I haven’t been sleeping well since returning from Suffolk. I feel more out of control than I have in some time. I’m missing the shape I had carved in another place and I suppose it is only just beginning to sink in that I’m not going back to that life. Yet I am not at a point where I can really begin again in earnest. I am incubating in a frustrating limbo.
Perhaps my anxiety is compounded by the little escape I made there. The lack of reception enforced cold turkey from both social media and the already diminished communications with my husband. I spent the week reading, sleeping early in the cool quiet nights and waking to the sound of birds that are not gulls.
Our trips to the ocean left me with the impression that I had been floating on a tenuous raft in the elements, the thin line between sea, sky and earth barely discernable in places. Carried by the warm breeze. At points I felt almost as if I was dissolving into those moments, not disappearing but becoming part of the breath of things.

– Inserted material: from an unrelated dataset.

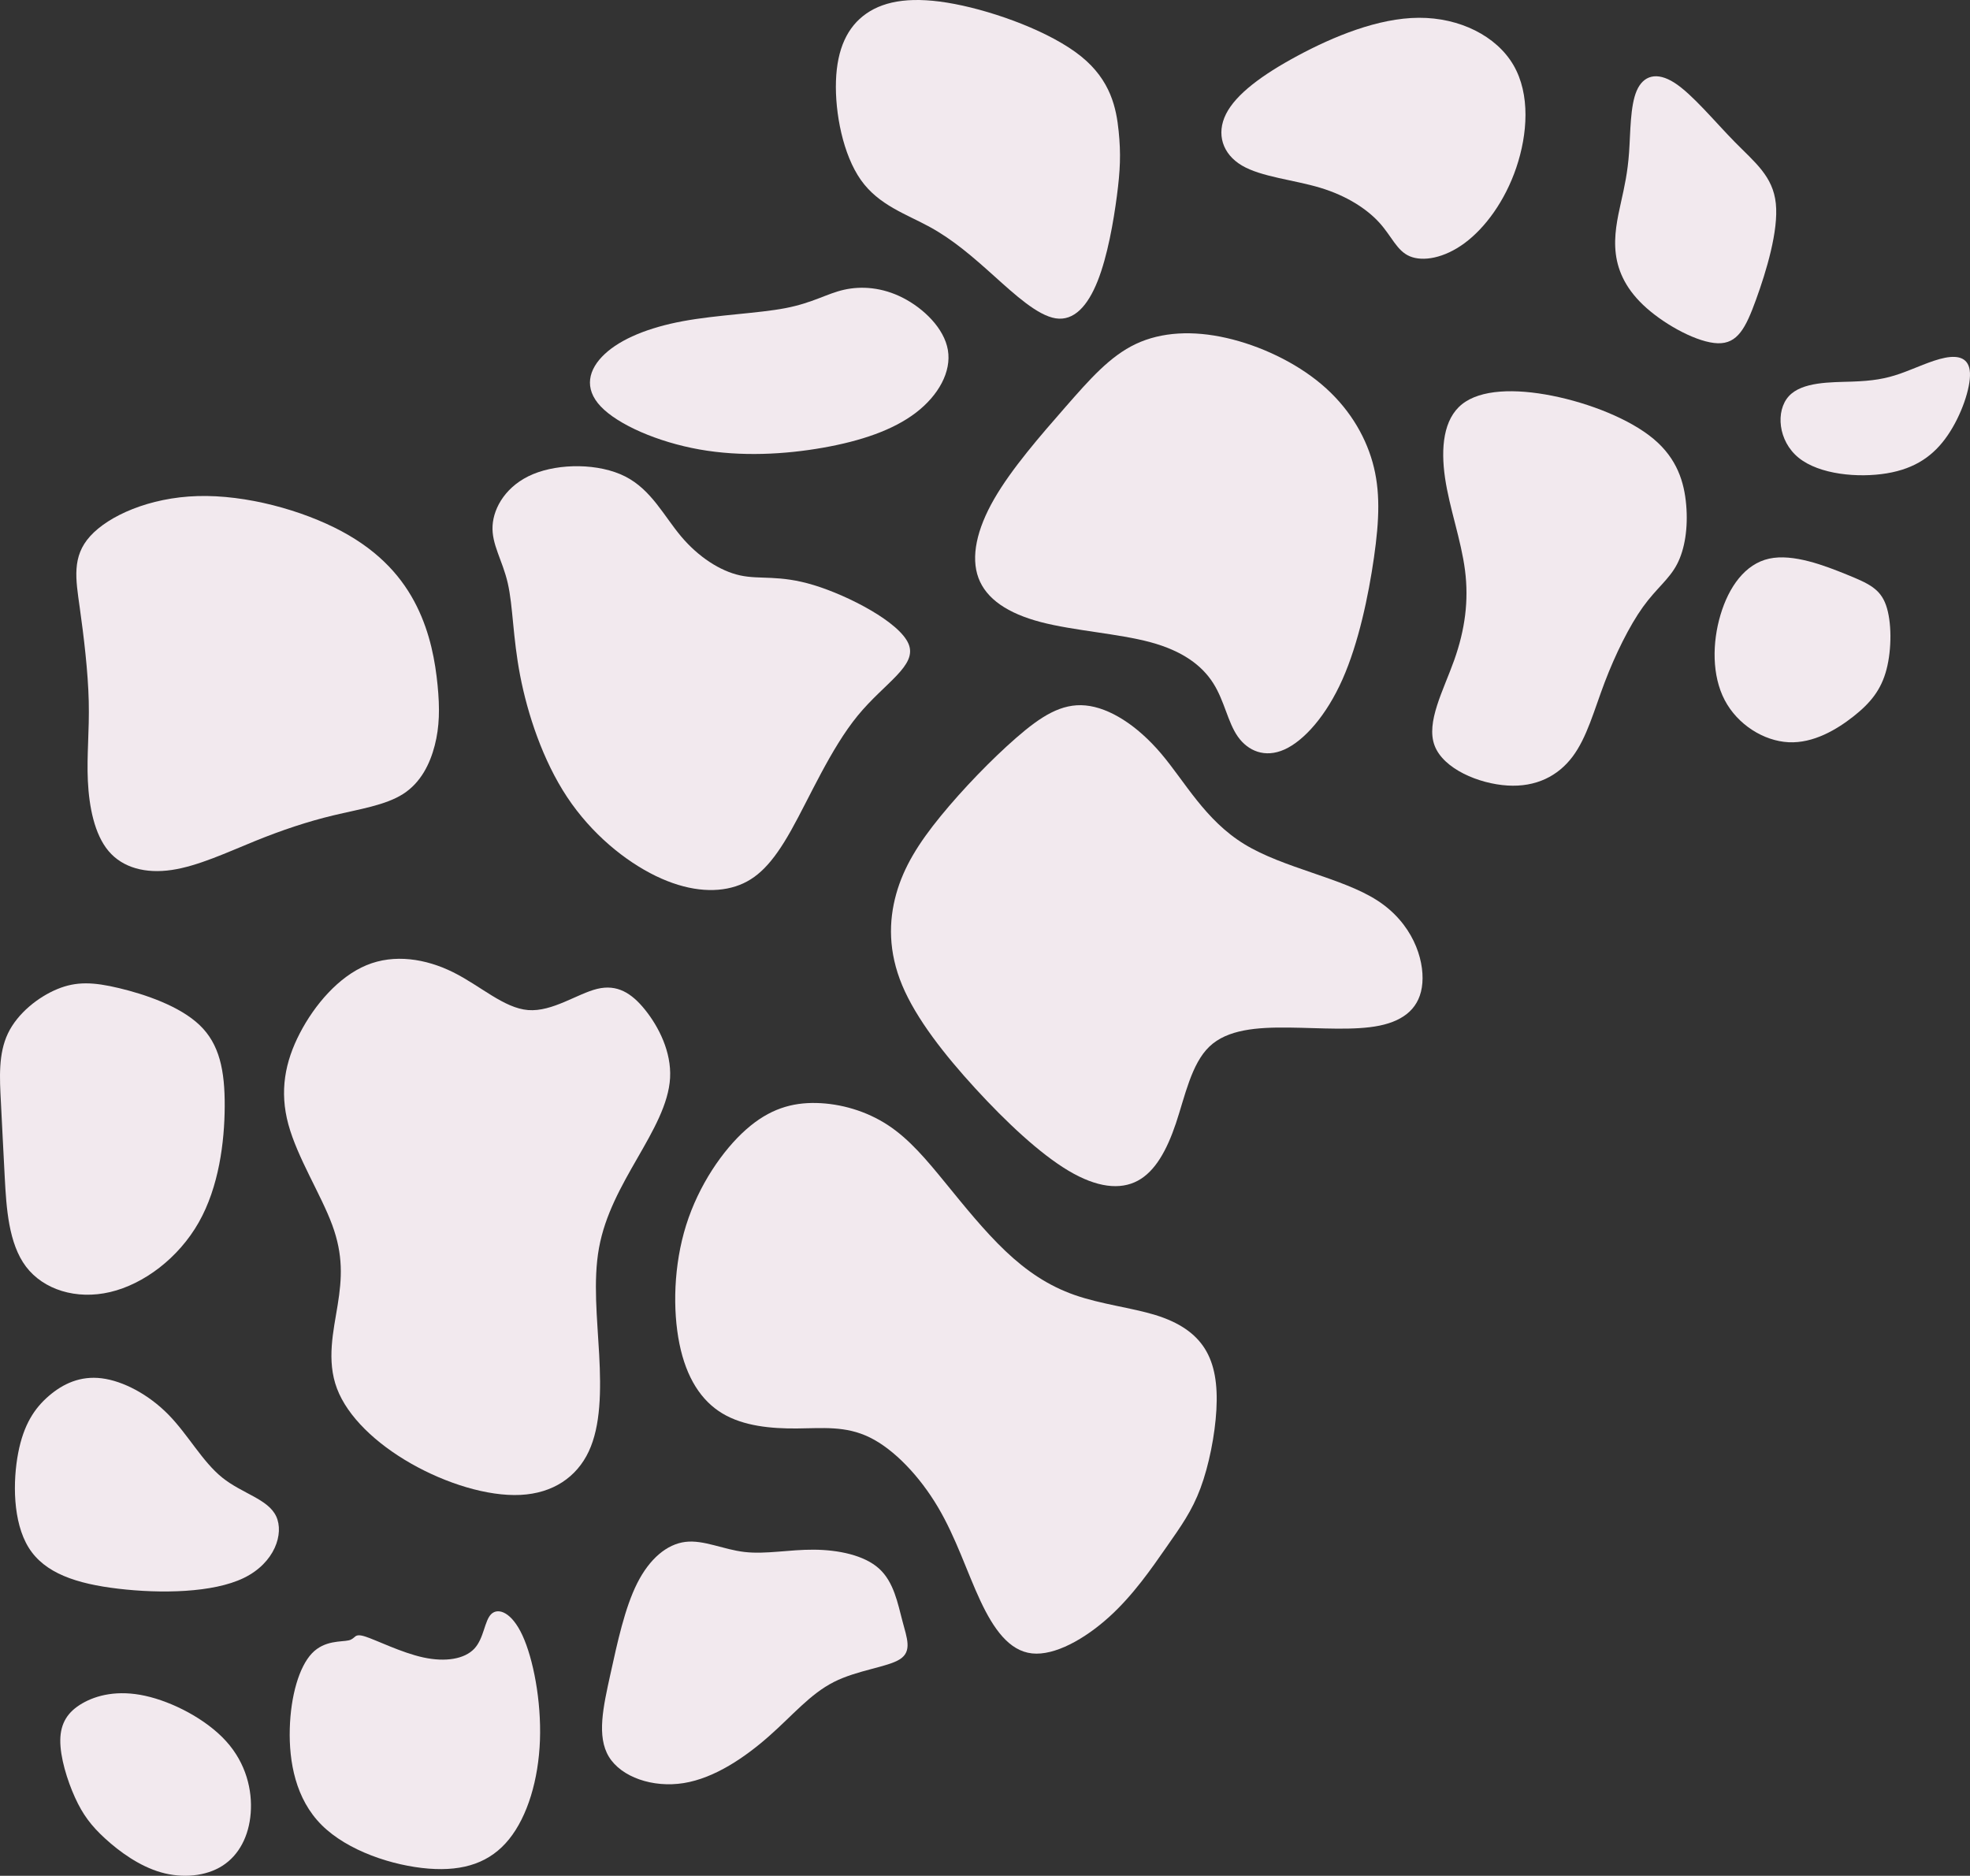 <?xml version="1.0" encoding="UTF-8"?> <svg xmlns="http://www.w3.org/2000/svg" width="985" height="938" viewBox="0 0 985 938" fill="none"><rect x="0" y="0" width="985" height="938" fill="#333333" stroke="none"/><g clip-path="url(#clip0_2675_678)"><path fill-rule="evenodd" clip-rule="evenodd" d="M600.24 744.186C604.482 732.788 607.49 717.592 608.197 704.957C608.904 692.322 607.31 682.248 602.451 674.474C597.587 666.696 589.454 661.218 577.7 657.594C565.941 653.975 550.557 652.206 537.389 647.61C524.216 643.019 513.254 635.596 502.734 625.612C492.214 615.624 482.135 603.079 472.764 591.592C463.396 580.109 454.732 569.679 443.946 562.612C433.164 555.545 420.257 551.831 408.147 551.566C396.033 551.3 384.72 554.483 373.047 564.822C361.379 575.157 349.359 592.654 343.081 612.622C336.803 632.589 336.276 655.033 339.721 671.998C343.171 688.964 350.597 700.451 361.203 706.811C371.813 713.172 385.603 714.41 398.334 714.324C411.061 714.234 422.73 712.821 434.93 718.83C447.13 724.835 459.861 738.267 468.963 753.643C478.069 769.015 483.55 786.336 490.183 800.47C496.812 814.609 504.59 825.565 515.993 826.803C527.4 828.041 542.428 819.556 554.538 808.599C566.648 797.643 575.844 784.212 583.18 773.697C590.517 763.186 595.997 755.587 600.24 744.186Z" fill="#F2E9EE"></path><path fill-rule="evenodd" clip-rule="evenodd" d="M451.197 810.541C448.896 801.885 446.95 791.104 439.524 784.388C432.102 777.672 419.195 775.021 406.905 774.935C394.62 774.845 382.951 777.321 372.255 776.083C361.555 774.846 351.832 769.899 342.64 771.046C333.444 772.194 324.784 779.441 318.596 791.721C312.408 804.005 308.693 821.322 305.158 837.405C301.622 853.483 298.263 868.329 304.451 878.488C310.638 888.652 326.374 894.13 341.843 891.654C357.313 889.183 372.521 878.754 384.451 868.239C396.385 857.724 405.05 847.123 416.894 841.114C428.743 835.105 443.771 833.691 449.959 829.716C456.146 825.742 453.494 819.201 451.197 810.541Z" fill="#F2E9EE"></path><path fill-rule="evenodd" clip-rule="evenodd" d="M322.574 505.004C329.383 513.485 335.747 526.034 335.04 539.02C334.333 552.011 326.551 565.439 318.597 579.312C310.64 593.185 302.507 607.499 299.503 624.023C296.494 640.543 298.616 659.277 299.593 677.391C300.561 695.504 300.385 712.996 294.373 725.811C288.361 738.622 276.517 746.751 260.164 747.548C243.808 748.34 222.948 741.804 205.442 731.816C187.942 721.832 173.796 708.404 168.491 694.356C163.186 680.307 166.721 665.638 168.847 652.471C170.964 639.305 171.675 627.646 166.104 612.536C160.534 597.425 148.689 578.87 144.181 562.261C139.673 545.651 142.501 530.981 149.928 516.667C157.354 502.353 169.374 488.394 183.254 482.65C197.133 476.907 212.869 479.382 226.573 486.184C240.273 492.986 251.941 504.122 264.051 505.094C276.165 506.066 288.717 496.875 298.616 494.489C308.519 492.103 315.769 496.519 322.574 505.004Z" fill="#F2E9EE"></path><path fill-rule="evenodd" clip-rule="evenodd" d="M59.581 494.134C72.488 497.227 89.813 503.06 99.802 512.603C109.791 522.146 112.444 535.398 112.354 553.245C112.268 571.093 109.44 593.537 99.361 611.294C89.282 629.056 71.957 642.133 55.069 646.108C38.185 650.087 21.743 644.96 12.993 633.387C4.242 621.809 3.18 603.786 2.387 589.031C1.59 574.275 1.059 562.788 0.441 550.95C-0.18 539.107 -0.887 526.913 3.977 516.753C8.836 506.594 19.27 498.464 28.728 494.575C38.185 490.691 46.674 491.042 59.581 494.134Z" fill="#F2E9EE"></path><path fill-rule="evenodd" clip-rule="evenodd" d="M50.827 689.23C61.523 690.554 74.254 697.27 84.157 707.344C94.056 717.418 101.126 730.845 111.119 738.884C121.108 746.928 134.015 749.575 138.082 758.236C142.148 766.896 137.37 781.561 121.901 789.074C106.431 796.582 80.266 796.938 59.225 794.462C38.185 791.991 22.274 786.688 14.321 773.877C6.363 761.067 6.363 740.743 9.102 726.515C11.844 712.291 17.325 704.161 24.395 698.066C31.466 691.967 40.131 687.903 50.827 689.23Z" fill="#F2E9EE"></path><path fill-rule="evenodd" clip-rule="evenodd" d="M182.46 818.319C188.116 820.088 200.667 826.449 211.719 828.834C222.77 831.22 232.314 829.631 237.177 824.414C242.041 819.202 242.217 810.366 245.666 807.098C249.112 803.83 255.831 806.125 261.222 817.788C266.617 829.451 270.683 850.481 269.976 870.184C269.269 889.89 263.788 908.269 254.507 919.752C245.225 931.239 232.142 935.835 214.281 934.422C196.425 933.008 173.795 925.586 160.802 912.595C147.805 899.608 144.446 881.054 144.887 864.53C145.328 848.006 149.575 833.516 155.939 826.8C162.302 820.084 170.791 821.146 174.416 820.264C178.037 819.382 176.799 816.551 182.46 818.319Z" fill="#F2E9EE"></path><path fill-rule="evenodd" clip-rule="evenodd" d="M72.574 848.007C86.278 851.01 103.072 859.67 113.061 870.712C123.054 881.758 126.233 895.19 125.351 906.673C124.468 918.16 119.514 927.703 111.205 933.006C102.896 938.308 91.228 939.37 80.442 936.278C69.656 933.181 59.757 925.939 52.687 919.488C45.612 913.038 41.369 907.384 37.478 898.814C33.592 890.243 30.052 878.756 30.142 870.185C30.228 861.615 33.943 855.957 41.104 851.807C48.264 847.652 58.87 845.001 72.574 848.007Z" fill="#F2E9EE"></path><path fill-rule="evenodd" clip-rule="evenodd" d="M218.789 342.608C219.937 354.27 219.762 363.46 217.375 372.737C214.988 382.014 210.39 391.38 201.554 397.035C192.709 402.69 179.627 404.634 166.724 407.727C153.817 410.818 141.085 415.06 127.381 420.628C113.682 426.192 99.005 433.084 85.922 435.028C72.84 436.973 61.347 433.97 54.276 425.575C47.201 417.181 44.549 403.397 43.931 390.497C43.315 377.596 44.729 365.58 44.373 350.735C44.022 335.891 41.9 318.221 39.869 303.818C37.834 289.416 35.888 278.283 45.084 268.122C54.276 257.96 74.605 248.77 98.829 248.064C123.049 247.357 151.164 255.133 170.786 265.648C190.412 276.163 201.55 289.416 208.359 303.111C215.164 316.806 217.64 330.944 218.789 342.608Z" fill="#F2E9EE"></path><path fill-rule="evenodd" clip-rule="evenodd" d="M253.884 291.622C256.537 303.196 256.361 318.57 260.072 337.832C263.787 357.094 271.389 380.244 283.585 398.623C295.785 417.003 312.583 430.606 327.876 438.033C343.17 445.451 356.96 446.689 367.746 443.245C378.528 439.797 386.309 431.668 395.501 415.324C404.697 398.976 415.303 374.412 428.831 357.889C442.356 341.366 458.798 332.884 454.29 322.016C449.782 311.148 424.319 297.895 406.908 292.594C389.489 287.292 380.122 289.942 370.043 287.734C359.964 285.525 349.182 278.456 340.603 268.295C332.029 258.135 325.665 244.88 312.583 238.253C299.5 231.626 279.698 231.626 266.525 237.104C253.353 242.583 246.813 253.539 246.282 262.905C245.751 272.27 251.231 280.047 253.884 291.622Z" fill="#F2E9EE"></path><path fill-rule="evenodd" clip-rule="evenodd" d="M542.78 352.767C530.756 351.618 520.501 358.157 508.126 368.937C495.75 379.716 481.253 394.737 470.292 408.168C459.33 421.6 451.904 433.438 448.103 447.046C444.302 460.653 444.126 476.025 451.107 492.725C458.092 509.425 472.237 527.448 487.707 544.328C503.176 561.203 519.974 576.931 534.205 585.411C548.437 593.896 560.105 595.13 568.86 590.448C577.61 585.767 583.442 575.162 587.955 561.734C592.463 548.302 595.642 532.044 604.662 523.388C613.679 514.727 628.527 513.665 644.442 513.845C660.353 514.02 677.327 515.434 689.792 512.873C702.254 510.307 710.211 503.771 711.184 491.577C712.157 479.383 706.145 461.535 688.554 450.224C670.963 438.916 641.789 434.145 622.163 422.126C602.537 410.111 592.463 390.849 580.528 376.801C568.594 362.751 554.8 353.916 542.78 352.767Z" fill="#F2E9EE"></path><path fill-rule="evenodd" clip-rule="evenodd" d="M686.98 278.833C684.241 297.918 679.288 321.598 671.244 339.712C663.201 357.825 652.064 370.371 642.251 374.789C632.438 379.207 623.949 375.496 618.914 368.34C613.874 361.183 612.28 350.579 606.624 341.656C600.967 332.732 591.244 325.486 575.243 321.158C559.242 316.827 536.964 315.413 520.431 311.084C503.903 306.753 493.117 299.51 489.226 288.995C485.34 278.481 488.344 264.697 497.094 249.499C505.849 234.301 520.346 217.69 532.631 203.641C544.921 189.592 554.996 178.105 567.903 172.009C580.81 165.911 596.545 165.205 613.253 169.004C629.961 172.803 647.642 181.109 660.724 192.153C673.807 203.198 682.292 216.982 686.273 231.12C690.249 245.257 689.718 259.747 686.98 278.833Z" fill="#F2E9EE"></path><path fill-rule="evenodd" clip-rule="evenodd" d="M451.482 148.948C461.827 154.25 472.081 164.145 473.937 175.013C475.797 185.881 469.253 197.72 457.94 206.38C446.623 215.039 430.532 220.518 411.527 223.876C392.522 227.233 370.599 228.47 349.735 224.759C328.87 221.048 309.072 212.389 300.408 203.288C291.743 194.187 294.22 184.645 302.353 177.046C310.482 169.447 324.276 163.793 341.426 160.612C358.575 157.43 379.084 156.723 392.784 154.073C406.488 151.422 413.383 146.827 422.047 144.883C430.708 142.939 441.142 143.646 451.482 148.948Z" fill="#F2E9EE"></path><path fill-rule="evenodd" clip-rule="evenodd" d="M558.449 97.96C556.769 110.772 553.766 128.09 548.816 140.549C543.863 153.007 536.968 160.605 527.862 159.191C518.756 157.778 507.443 147.352 496.922 137.897C486.402 128.443 476.679 119.962 464.921 113.512C453.166 107.061 439.372 102.642 430.446 90.007C421.516 77.372 417.449 56.521 417.981 40.528C418.512 24.535 423.637 13.402 433.184 6.775C442.732 0.148 456.702 -1.972 477.386 2.004C498.071 5.98 525.475 16.053 540.503 28.159C555.531 40.263 558.184 54.401 559.332 65.622C560.48 76.842 560.129 85.149 558.449 97.96Z" fill="#F2E9EE"></path><path fill-rule="evenodd" clip-rule="evenodd" d="M689.635 111.3C683.358 104.408 673.283 97.869 660.111 93.893C646.938 89.917 630.671 88.504 620.948 82.761C611.225 77.017 608.041 66.944 612.991 57.048C617.944 47.152 631.027 37.432 648.793 27.889C666.564 18.346 689.019 8.981 709.437 8.893C729.856 8.804 748.244 17.994 756.733 32.573C765.218 47.152 763.804 67.12 758.147 83.82C752.487 100.521 742.588 113.95 732.333 121.549C722.079 129.148 711.469 130.914 704.929 128.175C698.386 125.436 695.913 118.192 689.635 111.3Z" fill="#F2E9EE"></path><path fill-rule="evenodd" clip-rule="evenodd" d="M826.741 219.451C814.897 209.555 794.739 201.603 776.086 197.892C757.437 194.181 740.287 194.711 731.006 202.134C721.724 209.556 720.31 223.87 722.517 238.98C724.728 254.088 730.56 269.992 732.505 285.191C734.451 300.387 732.505 314.878 727.115 330.075C721.719 345.272 712.879 361.177 717.302 372.841C721.72 384.503 739.4 391.926 753.721 392.809C768.042 393.693 779.004 388.037 786.255 378.407C793.505 368.776 797.04 355.169 802.341 341.209C807.646 327.248 814.717 312.934 821.436 303.569C828.155 294.203 834.523 289.784 838.5 282.186C842.476 274.586 844.071 263.808 843.098 252.498C842.125 241.188 838.59 229.347 826.741 219.451Z" fill="#F2E9EE"></path><path fill-rule="evenodd" clip-rule="evenodd" d="M858.92 171.65C849.022 171.384 833.286 162.903 823.298 154.068C813.309 145.231 809.062 136.042 807.914 127.03C806.765 118.017 808.711 109.181 810.476 101.229C812.246 93.277 813.836 86.209 814.543 76.136C815.25 66.063 815.074 52.986 818.344 45.387C821.618 37.788 828.333 35.669 837.263 41.412C846.194 47.155 857.331 60.762 867.405 71.012C877.484 81.26 886.5 88.152 887.914 101.759C889.332 115.367 883.145 135.689 878.015 149.826C872.89 163.963 868.823 171.916 858.92 171.65Z" fill="#F2E9EE"></path><path fill-rule="evenodd" clip-rule="evenodd" d="M925.927 190.831C915.497 191.184 901 190.83 894.371 198.164C887.742 205.498 888.976 220.519 899.321 228.914C909.665 237.307 929.111 239.074 943.432 236.689C957.754 234.303 966.945 227.764 973.84 217.691C980.735 207.618 985.333 194.012 984.982 186.502C984.626 178.991 979.321 177.577 972.516 178.903C965.707 180.228 957.398 184.292 950.062 186.855C942.725 189.417 936.357 190.478 925.927 190.831Z" fill="#F2E9EE"></path><path fill-rule="evenodd" clip-rule="evenodd" d="M923.365 287.311C912.494 282.893 896.579 276.708 884.559 279.359C872.535 282.009 864.401 293.496 860.249 307.457C856.092 321.417 855.916 337.851 862.37 350.133C868.823 362.415 881.906 370.544 894.282 371.163C906.658 371.781 918.326 364.888 926.815 358.174C935.3 351.458 940.605 344.919 943.257 334.759C945.91 324.598 945.91 310.813 942.992 302.597C940.074 294.38 934.237 291.729 923.365 287.311Z" fill="#F2E9EE"></path></g><defs><clipPath id="clip0_2675_678"><rect width="985" height="938" fill="white"></rect></clipPath></defs></svg>

I took myself off on small explorations, just me and my dog, finding a reassuring quiet in myself.
Now I feel stifled in the night, glare of a single street lamp and a window open, yet still the room feels airless with these walls raised up all around. I long to take night walks but feel a responsibility to lay here and try to sleep. Clamping shut my eyelids while I still see the shape of the bedroom. Feel my eyes flicker behind them as I think and think and think. And in the morning I am so tired from this constant restless repose that I can barely drag myself from the bed to “Do”. But I must…
And Boudicca, Ursula Kemp, the Yellow Girl. They have fallen very quiet these last two weeks. But I keep a keen ear to that open window and wait for the gentle rasp of one of my muses to creep into this fitful sleep pattern and wake me with a jolt to shock me back into a joyful effortless process of making as the ideas come thick and fast rather than needing to be spooned out with a sieve.